Continuing along the valley of Gihon to where it turns westward, we enter the valley of Hinnom, bounded by the Hill of Evil Counsel on the south and Mount Zion on the north. It is a deep and narrow ravine, with steep rocky sides, where in ancient times children were sacrificed to Moloch, whence it obtained the name of Tophet, or Place of Fire. So odious did the place become that it was made a huge cesspool and charnel-house, and in later times the Jews called it Ge Hinnom, or Gehenna, making it signify hell.
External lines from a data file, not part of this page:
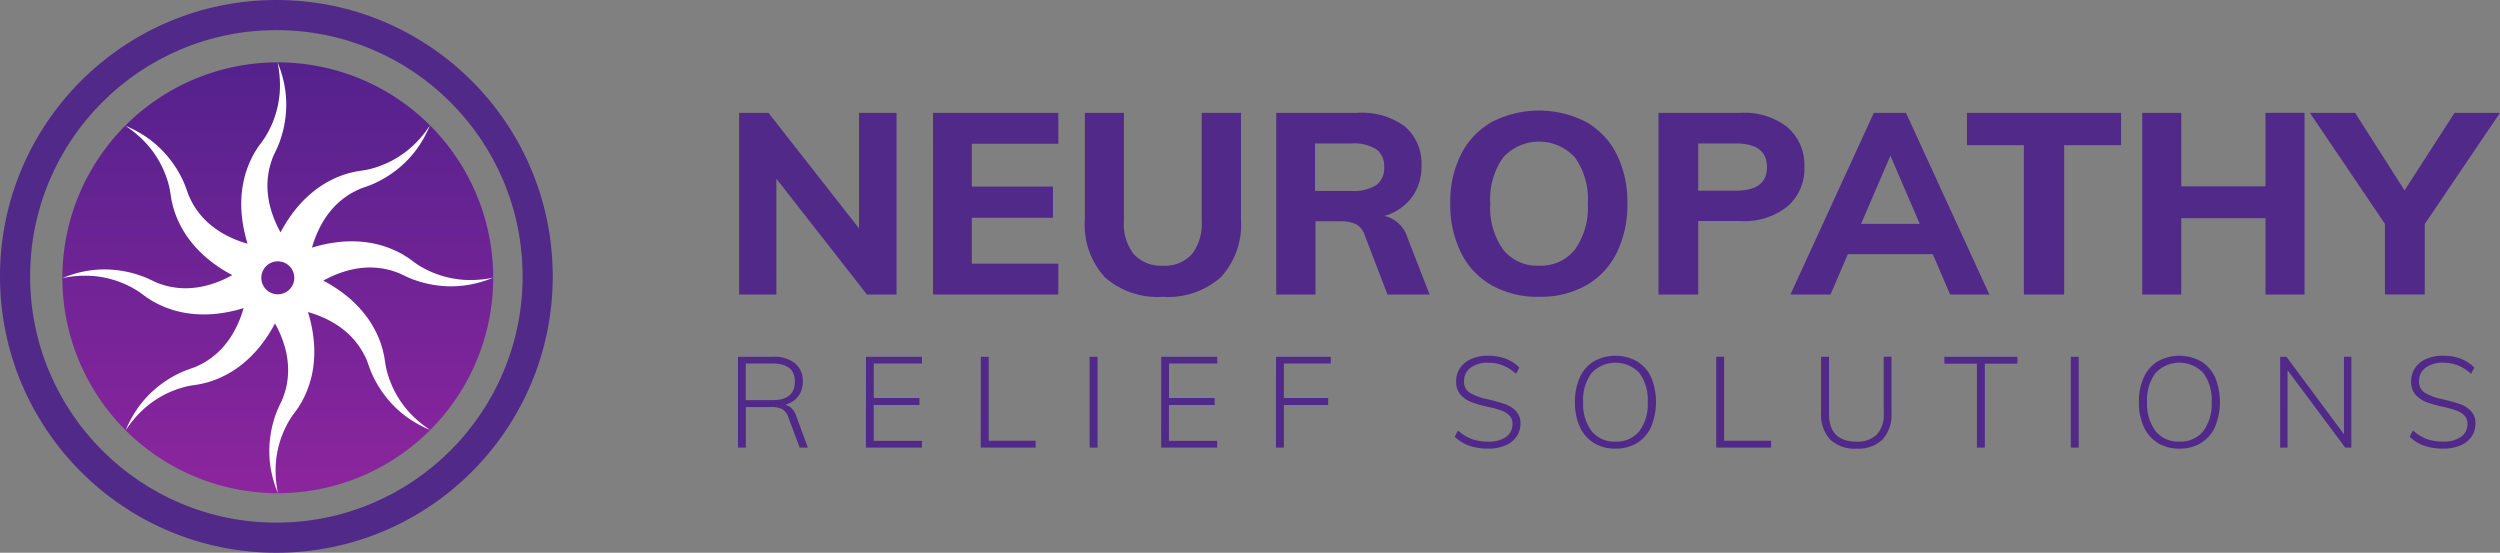 <svg xmlns="http://www.w3.org/2000/svg" width="248.824" height="55.014" viewBox="0 0 248.824 55.014">
    <rect x="0" y="0" width="248.824" height="55.014" fill="#808080" stroke="none"/>
    <defs>
        <linearGradient id="thuuiqh0xa" x1=".5" x2=".5" y2="1" gradientUnits="objectBoundingBox">
            <stop offset="0" stop-color="#54228d"/>
            <stop offset="1" stop-color="#8c259e"/>
        </linearGradient>
    </defs>
    <g>
        <g>
            <g fill="none">
                <path d="M27.507 0A27.507 27.507 0 1 1 0 27.507 27.507 27.507 0 0 1 27.507 0z" transform="translate(-1078.25 -11) translate(1078.25 11)"/>
                <path fill="#512989" d="M27.507 3c-3.31 0-6.52.648-9.538 1.925-2.918 1.234-5.54 3.001-7.791 5.253-2.252 2.251-4.02 4.873-5.253 7.79C3.648 20.989 3 24.199 3 27.508c0 3.31.648 6.519 1.925 9.538 1.234 2.918 3.001 5.54 5.253 7.79 2.251 2.252 4.873 4.02 7.79 5.254 3.02 1.277 6.23 1.925 9.539 1.925 3.31 0 6.519-.648 9.538-1.925 2.918-1.234 5.54-3.002 7.79-5.253 2.252-2.252 4.02-4.873 5.254-7.791 1.277-3.02 1.925-6.228 1.925-9.538 0-3.31-.648-6.52-1.925-9.538-1.234-2.918-3.002-5.54-5.253-7.791-2.252-2.252-4.873-4.02-7.791-5.253C34.025 3.648 30.817 3 27.507 3m0-3c15.191 0 27.507 12.315 27.507 27.507 0 15.191-12.316 27.507-27.507 27.507C12.315 55.014 0 42.698 0 27.507 0 12.315 12.315 0 27.507 0z" transform="translate(-1078.25 -11) translate(1078.25 11)"/>
            </g>
            <path fill="url(#thuuiqh0xa)" d="M21.441 0A21.441 21.441 0 1 1 0 21.441 21.441 21.441 0 0 1 21.441 0z" transform="translate(-1078.25 -11) translate(1078.25 11) translate(6.207 6.207)"/>
            <path fill="#fff" d="M622.832 1068.9a9.759 9.759 0 0 1-2.361-4.31c-.05-.194-.09-.39-.121-.582l-.1-.643c-.03-.236-.1-.465-.149-.7s-.133-.462-.2-.694a10.017 10.017 0 0 0-1.346-2.6 11.461 11.461 0 0 0-2.033-2.142 14.089 14.089 0 0 0-2.354-1.55l.079-.046a11 11 0 0 1 2.093-.884 8.745 8.745 0 0 1 2.221-.376 7.773 7.773 0 0 1 2.256.263c.183.057.371.11.554.176s.37.129.545.22l.591.28c.219.1.436.19.657.269a10.836 10.836 0 0 0 2.691.611 10.422 10.422 0 0 0 2.695-.083 11.314 11.314 0 0 0 2.53-.73 11.064 11.064 0 0 1-2.562.236 9.758 9.758 0 0 1-4.717-1.378c-.173-.1-.339-.213-.5-.326l-.524-.385c-.188-.146-.4-.259-.6-.39s-.421-.233-.635-.346a10.012 10.012 0 0 0-2.791-.888 11.45 11.45 0 0 0-2.952-.077 14.1 14.1 0 0 0-2.76.568l.023-.088a10.988 10.988 0 0 1 .854-2.105 8.745 8.745 0 0 1 1.3-1.836 7.765 7.765 0 0 1 1.781-1.41c.17-.089.34-.184.516-.267s.353-.17.541-.23l.616-.219c.225-.084.443-.174.655-.274a10.848 10.848 0 0 0 2.335-1.47 10.438 10.438 0 0 0 1.846-1.964 11.293 11.293 0 0 0 1.272-2.305 11.058 11.058 0 0 1-1.645 1.979 9.754 9.754 0 0 1-4.31 2.362c-.194.05-.39.089-.582.121l-.643.1c-.236.03-.466.1-.7.149s-.462.133-.694.2a10.009 10.009 0 0 0-2.6 1.346 11.447 11.447 0 0 0-2.142 2.033 14.092 14.092 0 0 0-1.55 2.354l-.046-.079a11 11 0 0 1-.884-2.093 8.757 8.757 0 0 1-.376-2.221 7.776 7.776 0 0 1 .263-2.256c.057-.183.11-.371.176-.554s.129-.37.22-.545l.281-.591c.1-.219.19-.437.269-.657a10.835 10.835 0 0 0 .611-2.691 10.437 10.437 0 0 0-.083-2.694 11.308 11.308 0 0 0-.731-2.53 11.055 11.055 0 0 1 .236 2.562 9.758 9.758 0 0 1-1.378 4.717c-.1.172-.213.339-.326.5l-.385.525c-.146.188-.259.4-.39.6s-.233.421-.346.635a10.014 10.014 0 0 0-.888 2.791 11.455 11.455 0 0 0-.077 2.952 14.105 14.105 0 0 0 .568 2.761l-.088-.023a11 11 0 0 1-2.105-.854 8.764 8.764 0 0 1-1.836-1.3 7.772 7.772 0 0 1-1.41-1.781c-.089-.17-.184-.34-.267-.516s-.17-.353-.23-.541l-.22-.616c-.084-.226-.174-.443-.274-.655a10.838 10.838 0 0 0-1.47-2.335 10.434 10.434 0 0 0-1.964-1.846 11.305 11.305 0 0 0-2.305-1.272 11.045 11.045 0 0 1 1.979 1.645 9.759 9.759 0 0 1 2.362 4.31c.05.194.09.39.121.582l.1.643c.03.236.1.465.149.7s.133.462.2.693a10.009 10.009 0 0 0 1.346 2.6 11.462 11.462 0 0 0 2.033 2.142 14.1 14.1 0 0 0 2.354 1.55l-.079.046a11.01 11.01 0 0 1-2.093.884 8.76 8.76 0 0 1-2.221.376 7.772 7.772 0 0 1-2.256-.263c-.184-.058-.371-.11-.554-.176s-.37-.129-.545-.22l-.591-.281c-.219-.1-.437-.19-.657-.269a10.845 10.845 0 0 0-2.691-.611 10.437 10.437 0 0 0-2.694.083 11.31 11.31 0 0 0-2.53.73 11.059 11.059 0 0 1 2.562-.236 9.762 9.762 0 0 1 4.717 1.378c.172.1.339.213.5.326l.524.385c.188.146.4.259.6.39s.421.233.635.346a10.012 10.012 0 0 0 2.791.888 11.445 11.445 0 0 0 2.952.077 14.117 14.117 0 0 0 2.76-.568c-.008.029-.015.059-.024.088a10.988 10.988 0 0 1-.854 2.105 8.747 8.747 0 0 1-1.3 1.836 7.773 7.773 0 0 1-1.781 1.41c-.17.089-.34.184-.516.267s-.353.17-.541.229l-.616.22c-.225.084-.443.174-.655.274a10.848 10.848 0 0 0-2.335 1.47 10.433 10.433 0 0 0-1.847 1.964 11.32 11.32 0 0 0-1.272 2.305 11.045 11.045 0 0 1 1.645-1.979 9.76 9.76 0 0 1 4.31-2.362c.194-.05.39-.09.582-.121l.643-.1c.236-.03.465-.1.7-.149s.462-.133.694-.2a10.016 10.016 0 0 0 2.6-1.345 11.466 11.466 0 0 0 2.142-2.033 14.091 14.091 0 0 0 1.55-2.354c.015.027.031.052.045.079a10.972 10.972 0 0 1 .884 2.093 8.746 8.746 0 0 1 .376 2.221 7.763 7.763 0 0 1-.263 2.256c-.057.184-.11.371-.176.554s-.129.37-.22.545l-.281.591c-.1.219-.19.437-.269.657a10.845 10.845 0 0 0-.611 2.69 10.435 10.435 0 0 0 .083 2.694 11.324 11.324 0 0 0 .73 2.53 11.072 11.072 0 0 1-.236-2.562 9.762 9.762 0 0 1 1.378-4.717c.1-.172.212-.339.326-.5l.385-.524c.146-.188.259-.4.39-.6s.233-.421.346-.635a10 10 0 0 0 .888-2.791 11.457 11.457 0 0 0 .077-2.952 14.1 14.1 0 0 0-.568-2.76l.088.024a10.979 10.979 0 0 1 2.105.854 8.753 8.753 0 0 1 1.836 1.3 7.769 7.769 0 0 1 1.41 1.781c.089.17.184.34.267.516s.17.353.23.541l.219.616c.084.225.174.443.274.655a10.845 10.845 0 0 0 1.47 2.335 10.452 10.452 0 0 0 1.964 1.846 11.325 11.325 0 0 0 2.305 1.272 11.06 11.06 0 0 1-1.976-1.646zm-14.357-12.341a1.641 1.641 0 1 1 2.32 0 1.641 1.641 0 0 1-2.321-.005z" transform="translate(-1078.25 -11) translate(1078.25 11) translate(-581.986 -1027.746)"/>
        </g>
        <path fill="#512989" d="M23.609 14.179v18.082h-2.946l-9.016-11.53v11.53H7.939V14.179h2.921l9.016 11.5v-11.5zm3.632 0H39.71v3.073H31.1v4.267h8.076v3.1H31.1v4.571h8.61v3.073H27.24zm22.882 18.31a7.908 7.908 0 0 1-5.79-1.956 7.72 7.72 0 0 1-1.981-5.74V14.179h3.886v10.793a4.806 4.806 0 0 0 1 3.289 3.652 3.652 0 0 0 2.882 1.13 3.612 3.612 0 0 0 2.87-1.13 4.848 4.848 0 0 0 .99-3.289V14.179h3.911v10.615a7.7 7.7 0 0 1-1.991 5.727 7.885 7.885 0 0 1-5.777 1.968zm26.539-.229h-4.19l-2.312-6.018a1.754 1.754 0 0 0-.851-.99 3.259 3.259 0 0 0-1.435-.279H65.31v7.289H61.4V14.179h8.051a7.234 7.234 0 0 1 4.775 1.371 4.863 4.863 0 0 1 1.625 3.936 5.086 5.086 0 0 1-.952 3.1 5.2 5.2 0 0 1-2.73 1.854 3.153 3.153 0 0 1 2.311 2.209zm-7.8-10.311a4.285 4.285 0 0 0 2.489-.571 2.063 2.063 0 0 0 .787-1.79 2.063 2.063 0 0 0-.787-1.79 4.285 4.285 0 0 0-2.489-.571h-3.603v4.723zm18.695 10.54a9.343 9.343 0 0 1-4.686-1.13 7.623 7.623 0 0 1-3.071-3.238 10.672 10.672 0 0 1-1.079-4.927 10.515 10.515 0 0 1 1.079-4.9 7.657 7.657 0 0 1 3.073-3.213 10.252 10.252 0 0 1 9.359 0 7.6 7.6 0 0 1 3.048 3.213 10.62 10.62 0 0 1 1.067 4.9 10.777 10.777 0 0 1-1.067 4.927 7.567 7.567 0 0 1-3.048 3.238 9.272 9.272 0 0 1-4.675 1.13zm0-3.1a4.318 4.318 0 0 0 3.568-1.6 7.2 7.2 0 0 0 1.283-4.6 7.088 7.088 0 0 0-1.283-4.571 4.83 4.83 0 0 0-7.136 0 7.088 7.088 0 0 0-1.283 4.571 7.188 7.188 0 0 0 1.283 4.611 4.332 4.332 0 0 0 3.568 1.591zm11.885-15.21h8.2a6.872 6.872 0 0 1 4.66 1.448 4.949 4.949 0 0 1 1.663 3.936 4.941 4.941 0 0 1-1.676 3.924 6.842 6.842 0 0 1-4.648 1.46H103.4v7.314h-3.958zm7.7 7.746q3.1 0 3.1-2.336 0-2.362-3.1-2.362H103.4v4.7zm19.606 6.324h-8.457l-1.727 4.013h-3.987l8.3-18.082h3.2l8.3 18.082h-3.907zm-1.3-3.022l-2.921-6.781-2.921 6.781zM135.81 17.4h-5.663v-3.221h15.339V17.4h-5.663v14.861h-4.013zm27.936-3.225v18.086h-3.886v-7.594h-8.381v7.593h-3.886V14.179h3.886v7.314h8.381v-7.314zm11.962 11.073v7.009h-3.962v-7.031l-7.467-11.047h4.5L173.7 21.9l4.978-7.72h4.522zM14.784 47.5h-.813l-1.13-3.009a1.422 1.422 0 0 0-.6-.819 2.337 2.337 0 0 0-1.1-.21H8.612V47.5h-.787v-9.043h3.492a3.334 3.334 0 0 1 2.183.643 2.247 2.247 0 0 1 .775 1.835 2.329 2.329 0 0 1-.463 1.473 2.454 2.454 0 0 1-1.327.838 1.236 1.236 0 0 1 .673.33 2.044 2.044 0 0 1 .47.787zm-3.517-4.724q2.222 0 2.222-1.854 0-1.79-2.222-1.79H8.6v3.644zm9.3-4.317h5.574v.673h-4.8v3.429h4.546v.7h-4.551v3.568h4.8v.671h-5.575zm11.428 0h.787v8.355h4.668v.686h-5.46zm10.832 0h.787V47.5h-.787zm7.124 0h5.574v.673h-4.8v3.429h4.546v.7h-4.552v3.568h4.8v.671h-5.574zm11.428 0h5.448v.673H62.16v3.429h4.406v.7H62.16V47.5h-.787zM82.5 47.6a5.715 5.715 0 0 1-1.886-.286 3.962 3.962 0 0 1-1.454-.9l.33-.622a4.324 4.324 0 0 0 1.365.851 4.778 4.778 0 0 0 1.645.257 2.94 2.94 0 0 0 1.778-.47 1.548 1.548 0 0 0 .635-1.321 1.091 1.091 0 0 0-.313-.809 2.165 2.165 0 0 0-.787-.489 10.1 10.1 0 0 0-1.263-.356 12.475 12.475 0 0 1-1.7-.476 2.766 2.766 0 0 1-1.1-.743 1.9 1.9 0 0 1-.444-1.321 2.352 2.352 0 0 1 .394-1.346 2.529 2.529 0 0 1 1.124-.9 4.22 4.22 0 0 1 1.7-.317 4.8 4.8 0 0 1 1.714.3 3.719 3.719 0 0 1 1.359.883l-.33.622a4.437 4.437 0 0 0-1.3-.838 3.831 3.831 0 0 0-1.448-.267 2.856 2.856 0 0 0-1.784.5 1.623 1.623 0 0 0-.641 1.359 1.247 1.247 0 0 0 .559 1.117 5.215 5.215 0 0 0 1.638.622l.368.089a13.251 13.251 0 0 1 1.613.47 2.636 2.636 0 0 1 1.016.686 1.734 1.734 0 0 1 .419 1.219 2.221 2.221 0 0 1-.394 1.3 2.541 2.541 0 0 1-1.124.876 4.3 4.3 0 0 1-1.689.31zm12.66 0a4 4 0 0 1-2.14-.559 3.641 3.641 0 0 1-1.4-1.6 5.748 5.748 0 0 1-.489-2.463 5.813 5.813 0 0 1 .483-2.463 3.6 3.6 0 0 1 1.39-1.6 4.437 4.437 0 0 1 4.311 0 3.6 3.6 0 0 1 1.4 1.594 6.49 6.49 0 0 1-.006 4.927 3.635 3.635 0 0 1-1.4 1.606 4.025 4.025 0 0 1-2.146.558zm0-.7a2.893 2.893 0 0 0 2.368-1.029 4.467 4.467 0 0 0 .844-2.908 4.437 4.437 0 0 0-.838-2.9 3.269 3.269 0 0 0-4.743.006 4.418 4.418 0 0 0-.844 2.889 4.472 4.472 0 0 0 .844 2.9 2.885 2.885 0 0 0 2.372 1.042zm10.032-8.444h.787v8.355h4.673v.689h-5.46zM119.15 47.6a3.524 3.524 0 0 1-2.622-.908 3.655 3.655 0 0 1-.9-2.673v-5.562h.787v5.651q0 2.794 2.73 2.794a2.715 2.715 0 0 0 2.025-.7 2.866 2.866 0 0 0 .692-2.089v-5.656h.775v5.562a3.671 3.671 0 0 1-.889 2.673 3.483 3.483 0 0 1-2.598.908zm11.987-8.457H127.9v-.686h7.263v.686h-3.238V47.5h-.787zm9.346-.686h.787V47.5h-.787zm10.806 9.143a4 4 0 0 1-2.14-.559 3.641 3.641 0 0 1-1.4-1.6 5.748 5.748 0 0 1-.489-2.463 5.813 5.813 0 0 1 .483-2.463 3.6 3.6 0 0 1 1.39-1.6 4.437 4.437 0 0 1 4.311 0 3.6 3.6 0 0 1 1.4 1.594 6.49 6.49 0 0 1-.006 4.927 3.635 3.635 0 0 1-1.4 1.606 4.025 4.025 0 0 1-2.149.558zm0-.7a2.893 2.893 0 0 0 2.368-1.029 4.467 4.467 0 0 0 .844-2.908 4.437 4.437 0 0 0-.838-2.9 3.269 3.269 0 0 0-4.743.006 4.418 4.418 0 0 0-.844 2.889 4.472 4.472 0 0 0 .844 2.9 2.885 2.885 0 0 0 2.369 1.042zm17.117-8.444V47.5h-.61l-5.74-7.708V47.5h-.736v-9.043h.622l5.727 7.708v-7.708zm9.143 9.143a5.715 5.715 0 0 1-1.886-.286 3.962 3.962 0 0 1-1.454-.9l.33-.622a4.324 4.324 0 0 0 1.365.851 4.778 4.778 0 0 0 1.644.254 2.94 2.94 0 0 0 1.778-.47 1.548 1.548 0 0 0 .635-1.321 1.091 1.091 0 0 0-.311-.806 2.165 2.165 0 0 0-.787-.489 10.1 10.1 0 0 0-1.263-.356 12.475 12.475 0 0 1-1.7-.476 2.766 2.766 0 0 1-1.1-.743 1.9 1.9 0 0 1-.444-1.321 2.351 2.351 0 0 1 .394-1.346 2.529 2.529 0 0 1 1.124-.9 4.22 4.22 0 0 1 1.7-.317 4.8 4.8 0 0 1 1.714.3 3.719 3.719 0 0 1 1.359.883l-.33.622a4.437 4.437 0 0 0-1.3-.838 3.831 3.831 0 0 0-1.448-.267 2.856 2.856 0 0 0-1.784.5 1.623 1.623 0 0 0-.641 1.359 1.247 1.247 0 0 0 .559 1.117 5.215 5.215 0 0 0 1.638.622l.368.089a13.25 13.25 0 0 1 1.613.47 2.636 2.636 0 0 1 1.016.686 1.734 1.734 0 0 1 .419 1.219 2.221 2.221 0 0 1-.394 1.3 2.541 2.541 0 0 1-1.124.876 4.3 4.3 0 0 1-1.69.311z" transform="translate(-1078.25 -11) translate(1143.874 8.052)"/>
    </g>
</svg>

On the southern face of the valley at the eastern end is Aceldama, the traditionary Field of Blood of the traitor Judas-a small plot of ground overhung with one precipice and looking down another into the glen below. There is no historical evidence that this is the Potter's Field of the New Testament (Matt. xxvii. 3-10; Acts i. 18, 19), although the place has been regarded with interest from a very early period, and contains a vast number of tombssome of hermits, some of Crusaders, and some of more recent date-the soil being considered to be very favourable to decomposition.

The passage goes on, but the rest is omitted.